[Records excerpted from a collection]
----
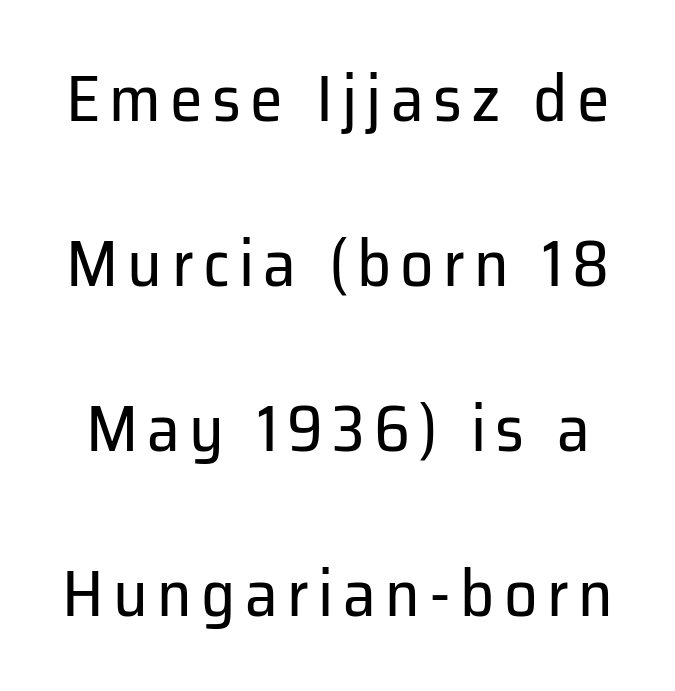
Q: Is the text bold? A: No.
Q: Is the text italic (slanted)? A: No, it is upright.
Q: Is the typeface a serif or a sans-serif typeface? A: Sans-serif.
Q: Is the text underlined? A: No.
Q: Is the spacing between lines tight, normal or loose? A: Loose.
Q: Width (condensed, normal, or wide)? A: Normal.
Q: Stroke contrast? A: Low.
Q: x-height? A: Medium.
Q: Monospaced? A: No.
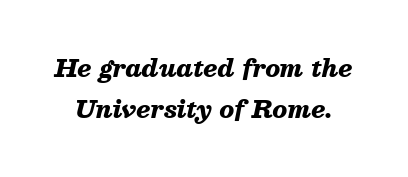
The image shows 24 px bold type, italic (leaning right); set line spacing 1.72x, normal letter spacing, not underlined.
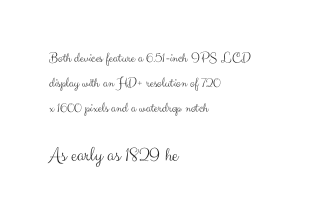
This sample uses plain, unmodified letter spacing. A light-to-regular cut is what we see here. Bare-footed words on every line. Typeset ragged right — the left edge is the straight one. Small over large — that's the arrangement of the two blocks here.
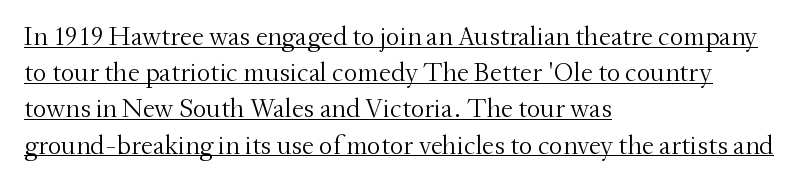
Q: Is the text bold? A: No.
Q: Is the text italic (slanted)? A: No, it is upright.
Q: Is the text underlined? A: Yes.
Q: How is the paragraph aligned? A: Left-aligned.
Q: Is the spacing between letters normal or unusually wide? A: Normal.
Q: Is the spacing between lines tight, normal or loose? A: Normal.
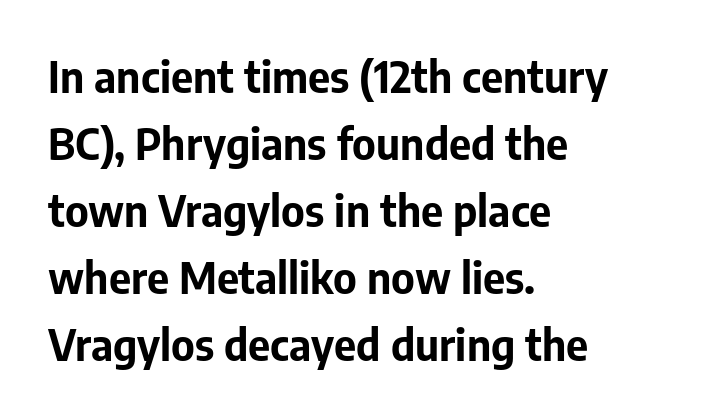
{"serif": "no", "italic": "no", "bold": "yes", "weight": "bold", "width": "normal", "stroke_contrast": "low", "x_height": "medium", "monospaced": "no", "underline": "no", "align": "left", "line_spacing": "normal", "line_spacing_ratio": 1.56, "letter_spacing": "normal", "letter_spacing_em": 0.0, "glyph_px": 43}
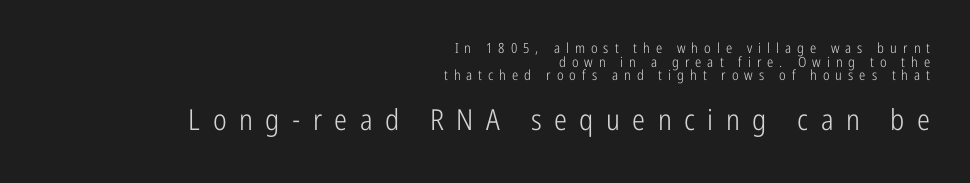
Q: Is the text bold? A: No.
Q: Is the text italic (slanted)? A: No, it is upright.
Q: Is the typeface a serif or a sans-serif typeface? A: Sans-serif.
Q: Is the text underlined? A: No.
Q: How is the paragraph aligned? A: Right-aligned.
Q: Is the spacing between letters normal or unusually wide? A: Unusually wide.
Q: Is the spacing between lines tight, normal or loose? A: Tight.
Q: Which block of text is set in a larger size, the first (top) or the second (bottom)? A: The second (bottom) one.
Q: Width (condensed, normal, or wide)? A: Condensed.
Q: Stroke contrast? A: Low.
Q: x-height? A: Medium.
Q: Monospaced? A: No.
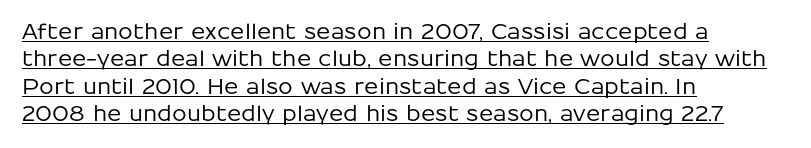
Reading down the block, your eye returns to a fixed left position each line. The gaps between neighbouring characters are ordinary and unremarkable. This block has exactly the height ordinary leading produces. Notice how a bar underscores the lettering throughout. Posture: straight, roman, zero tilt.
----
- **TASK DESCRIPTION**: Copy out, exactly and alone, the lines of the entries above between the ones holding "Q: Is the text underlined? A: Yes." and "loose? A: Normal.", inclusive.

- **RESPONSE AREA**:
Q: Is the text underlined? A: Yes.
Q: How is the paragraph aligned? A: Left-aligned.
Q: Is the spacing between letters normal or unusually wide? A: Normal.
Q: Is the spacing between lines tight, normal or loose? A: Normal.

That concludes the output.